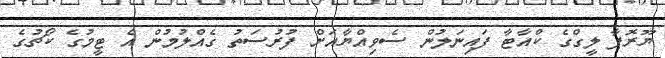
ޔޫރޮޕާ ލީގްގެ ކްއާޓާ ފައިނަލުން ސެވިއްޔާއަށް ފުރުސަތު ގެއްލުމުން އެ ޓީމުގެ ކޯޗުގެ
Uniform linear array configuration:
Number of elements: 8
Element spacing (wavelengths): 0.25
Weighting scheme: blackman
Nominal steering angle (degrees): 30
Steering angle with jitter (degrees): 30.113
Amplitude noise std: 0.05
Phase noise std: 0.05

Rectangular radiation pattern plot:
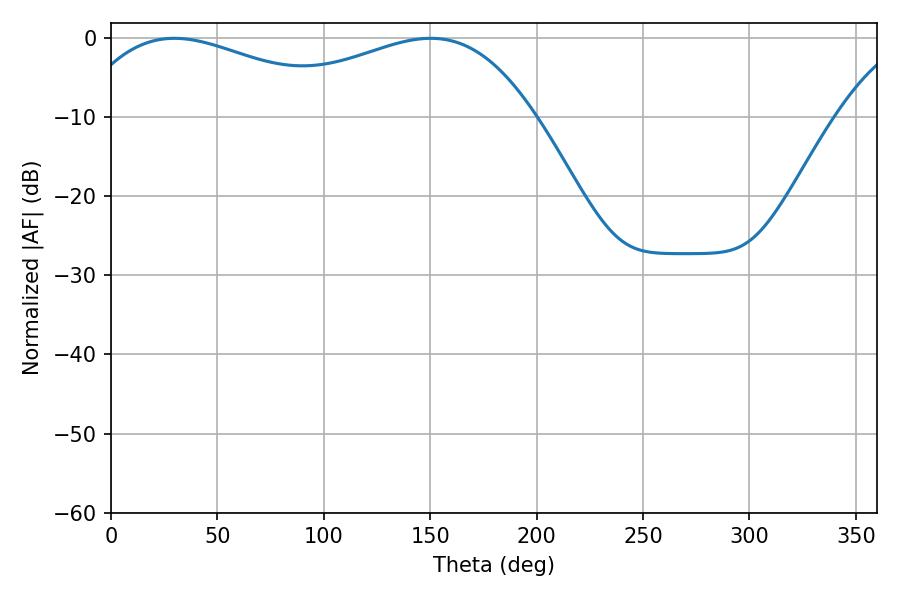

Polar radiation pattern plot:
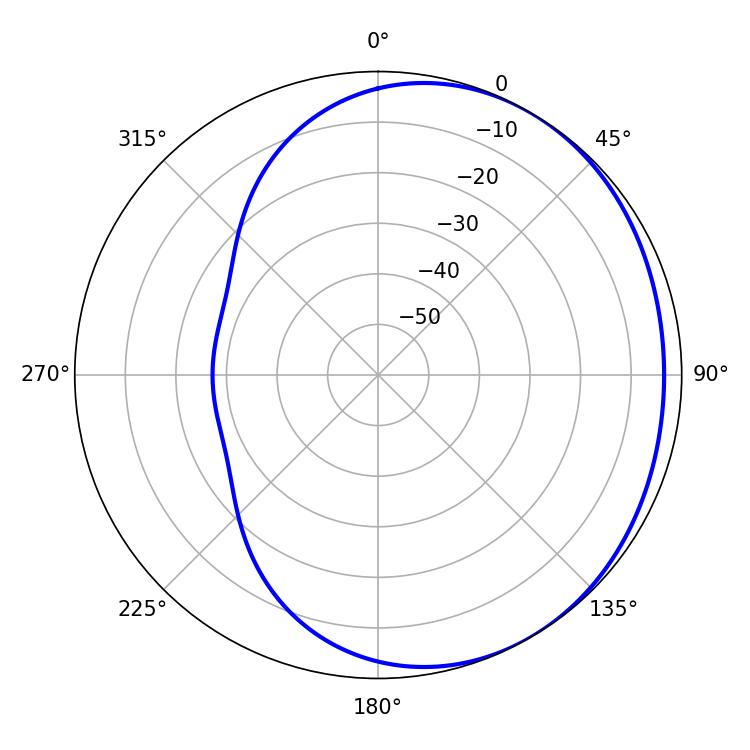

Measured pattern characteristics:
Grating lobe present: FALSE
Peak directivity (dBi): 1.782
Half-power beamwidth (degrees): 73.44
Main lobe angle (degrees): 29.7
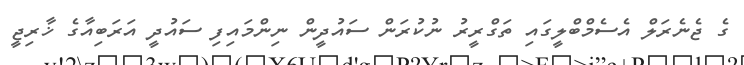
ގެ ޖެނެރަލް އެސެމްބްލީގައި ތަގްރީރު ނުކުރަން ސައުދީން ނިންމައިފި ސައުދީ އަރަބިއާގެ ޚާރިޖީ
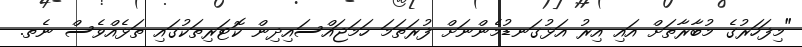
"މިފަހަރުގެ މުބާރާތަށް އައި އިރު އަޅުގަނޑުމެންނަށް ފުރަތަމަ ހަމަޖައްސައިދިން ކޮޓަރިތަކުގައި ތަޅެއްވެސް ނެތ.
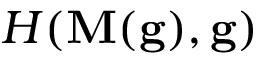
H ( \mathbf { M } ( \mathbf { g } ) , \mathbf { g } )
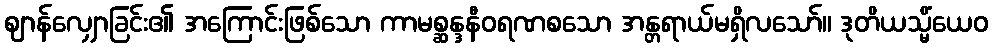
ဈာန်လျှောခြင်း၏ အကြောင်းဖြစ်သော ကာမစ္ဆန္ဒနီဝရဏစသော အန္တရာယ်မရှိလသော်။ ဒုတိယသ္မိံယေဝ
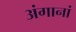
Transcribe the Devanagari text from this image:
अंगानां
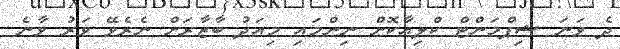
ދެ ވަނަ ޝިޕްމަންޓް ކްލިއާކޮށް ނިންމައި މިއަދު ބާޒާރަށް ނެރެވޭ ވަރު ވާނެ
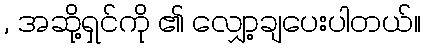
, အဆို့ရှင်ကို ၏ လျှော့ချပေးပါတယ်။
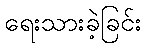
ရေးသားခဲ့ခြင်း
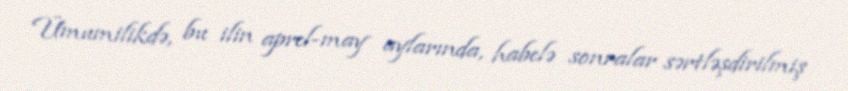
Ümumilikdə, bu ilin aprel-may aylarında, habelə sonralar sərtləşdirilmiş
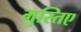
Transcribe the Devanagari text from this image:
मुस्तिए
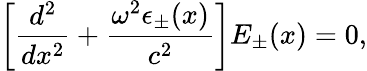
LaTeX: \left[\frac{d^{2}}{dx^{2}}+\frac{\omega^{2}\epsilon_{\pm}(x)}{c^{2}}\right]E_{\pm}(x)=0,
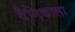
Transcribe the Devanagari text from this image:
दैनिकाला
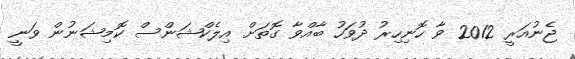
ޖެނުއަރީ 2012 ވާ ހޮނިހިރު ދުވަހު ބާއްވާ ގޮތަށް އިލެކްޝަންސް ކޮމިޝަނުން ވަނީ
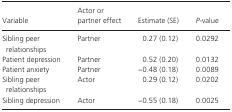
<table><thead><tr><td><b>Variable</b></td><td><b>Actor or partner effect</b></td><td><b>Estimate (SE)</b></td><td><b><i>P</i>‐value</b></td></tr></thead><tbody><tr><td>Sibling peer relationships</td><td>Partner</td><td>0.27 (0.12)</td><td>0.0292</td></tr><tr><td>Patient depression</td><td>Partner</td><td>0.52 (0.20)</td><td>0.0132</td></tr><tr><td>Patient anxiety</td><td>Partner</td><td>−0.48 (0.18)</td><td>0.0089</td></tr><tr><td>Sibling peer relationships</td><td>Actor</td><td>0.29 (0.12)</td><td>0.0202</td></tr><tr><td>Sibling depression</td><td>Actor</td><td>−0.55 (0.18)</td><td>0.0025</td></tr></tbody></table>

:::::

> Problem
From the records above, quote word for word only the lines beginning at the line that has "Steering angle with jitter (degrees): 30.113" and stopping after the line that has "Half-power beamwidth (degrees): 73.44". Omit the pictures.

> Final answer
Steering angle with jitter (degrees): 30.113
Amplitude noise std: 0.05
Phase noise std: 0.05

Rectangular radiation pattern plot:

Polar radiation pattern plot:

Measured pattern characteristics:
Grating lobe present: FALSE
Peak directivity (dBi): 1.782
Half-power beamwidth (degrees): 73.44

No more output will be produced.